C’est tellement vrai que chacun peut le constater dans les images négatives que la majorité écrasante des élites intellectuelles et politiques africaines ont d’elles-mêmes, de leurs pays et de l’Afrique. A force de répéter que nous sommes "pauvres", "arriérés", "faibles" "divisés et incapables de nous unir", nous avons fini par le devenir au bout de 44 ans seulement, entre 1960 et 2004.

A l’inverse, la Chine populaire de Mao Tse Toung, que le reste du monde méprisait en 1960 mais qui s’est dotée d’une élite intellectuelle nationaliste, déterminée à recoller "les mille morceaux" de Chine créés par les puissances impérialistes européennes (cf. guerre de l’opium et ses seigneurs de la guerre) se dresse fièrement aujourd’hui face aux USA avec lesquels, la Chine traite d’égal à égal.

En ce début d’année, il me paraît important de partager mon diagnostic de la vie politique et sociale de notre pays en 2003, livrer mes réflexions, mes espoirs et mes espérances pour 2004 dans un esprit de "positivité lucide".

Une excellente pluviométrie 2003 a autorisé le sourire sur tous les visages de tous les agriculteurs et éleveurs (90 % des Burkinabè) même si ici et là, les inondations ont fait des dégâts. En Europe, on dit, "Quand le bâtiment va bien, tout va bien" ! Au Burkina Faso, "Quand la pluviométrie va bien, tout va bien," ! Et comme aimait à le répéter, le regretté Harouna Idani, (1) père d’un ami : "laa n gâand ti kom ka vêer ye" !

Dans nos villages, les bonnes récoltes doivent pouvoir servir à faire reculer les maladies, satisfaire en partie les immenses besoins en connaissances (écoles, alphabétisation, formation, progrès techniques élémentaires), et vaincre l’ignorance, mère de toutes les pauvretés au monde.
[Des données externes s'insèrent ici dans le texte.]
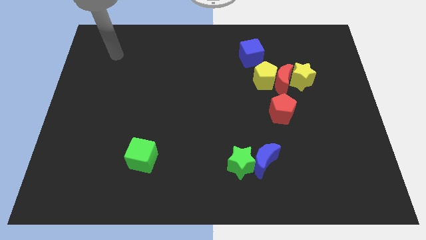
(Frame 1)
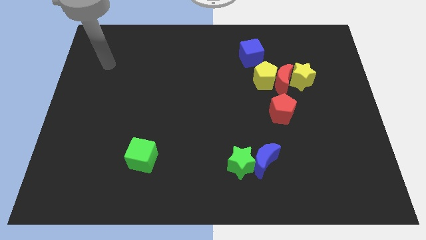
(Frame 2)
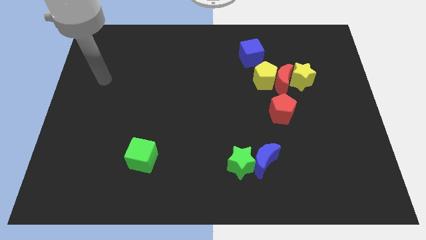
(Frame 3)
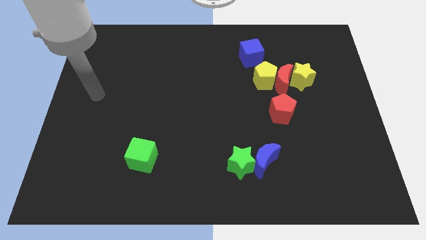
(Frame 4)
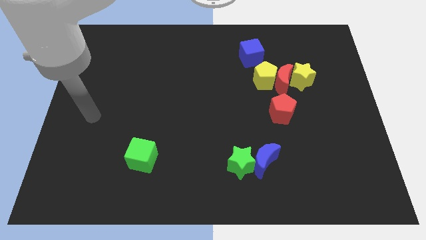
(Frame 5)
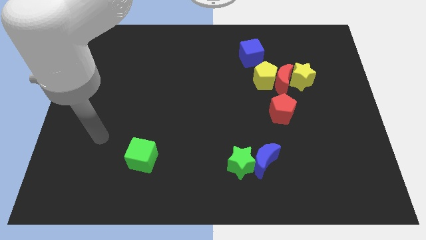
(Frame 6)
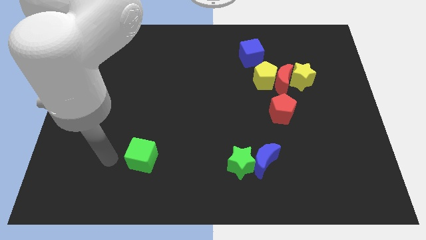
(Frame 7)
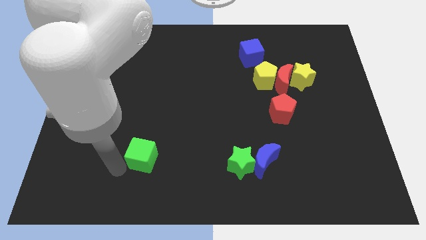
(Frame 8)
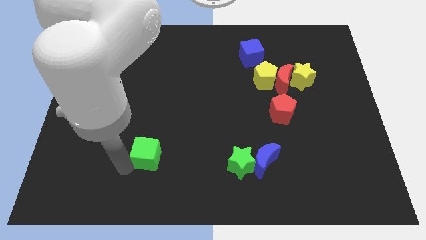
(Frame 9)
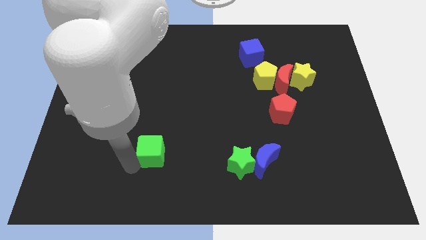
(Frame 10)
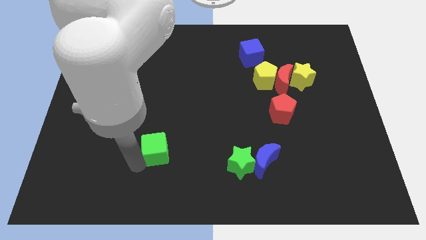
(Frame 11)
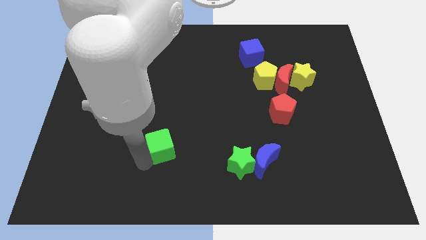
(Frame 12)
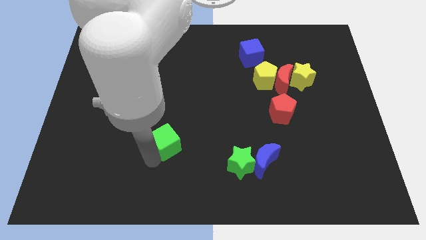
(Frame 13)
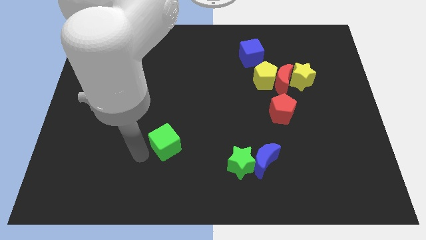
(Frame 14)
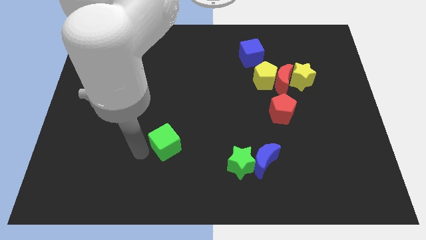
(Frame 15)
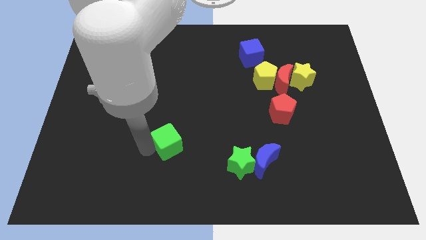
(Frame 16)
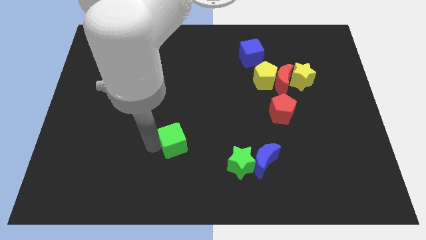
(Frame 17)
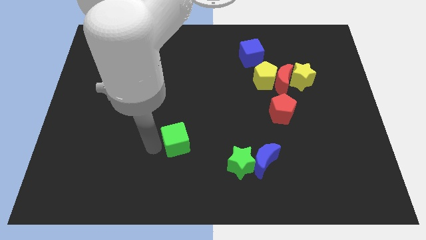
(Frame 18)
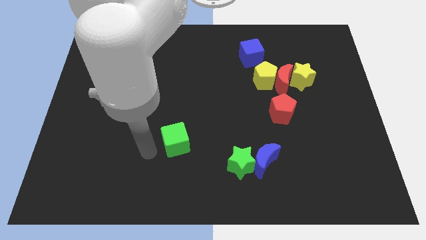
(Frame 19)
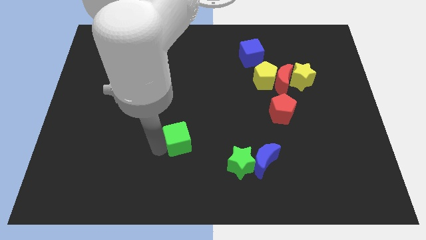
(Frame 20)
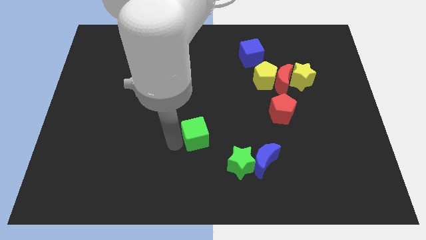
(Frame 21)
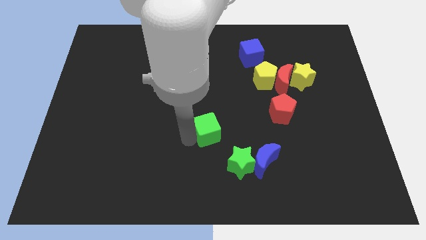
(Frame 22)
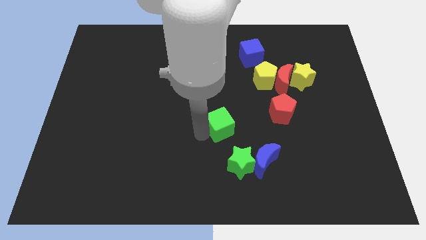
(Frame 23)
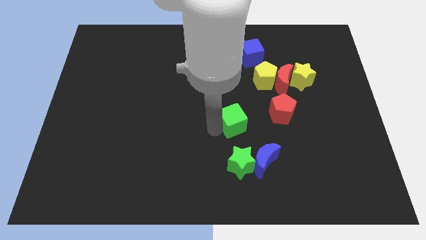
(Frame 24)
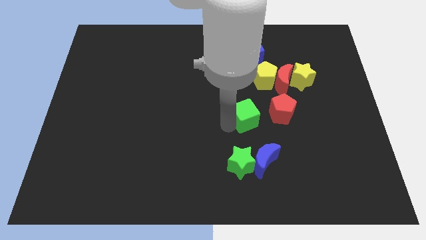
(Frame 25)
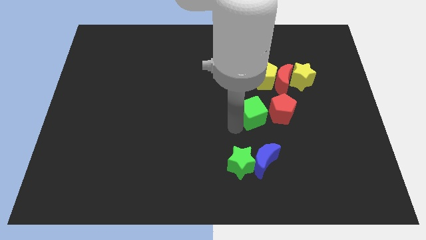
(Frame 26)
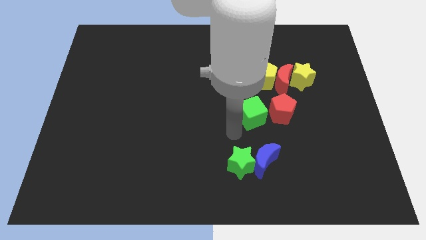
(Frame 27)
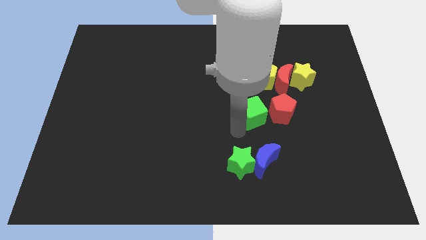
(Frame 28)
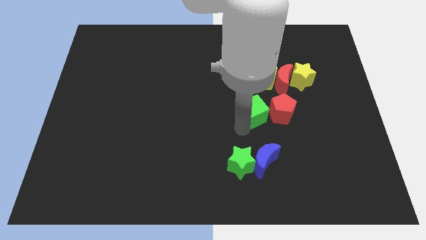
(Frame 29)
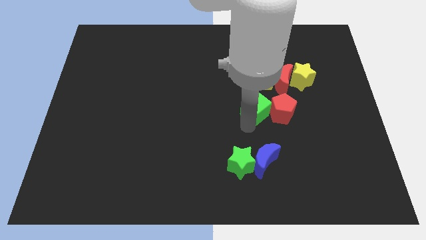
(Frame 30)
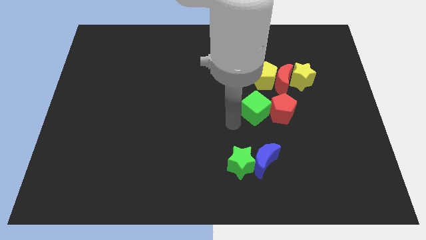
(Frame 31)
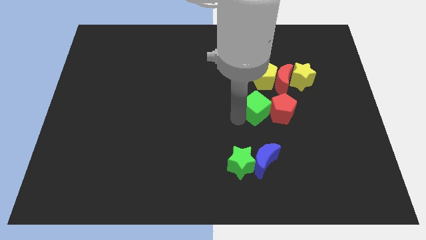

Dans les villes, les problèmes sociopolitiques restent fondamentalement les mêmes : chômage endémique, salaires incapables de se hisser au niveau de la hausse des prix des produits importés qu’il faut coûte que coûte consommer, blocages fréquents du dialogue social entre ceux qui gouvernent et ceux qui se sentent malgouvernés, difficultés d’ancrage des institutions démocratiques dans les esprits et les comportements, divorce entre l’institution et le citoyen, entre l’Etat et la Nation. La Nation est ici comprise comme "La totalité des volontés individuelles de vivre ensemble par la soumission consciente aux même règles et aux mêmes lois". En 2003, ces contradictions n’ont pas trouvé de solutions durables.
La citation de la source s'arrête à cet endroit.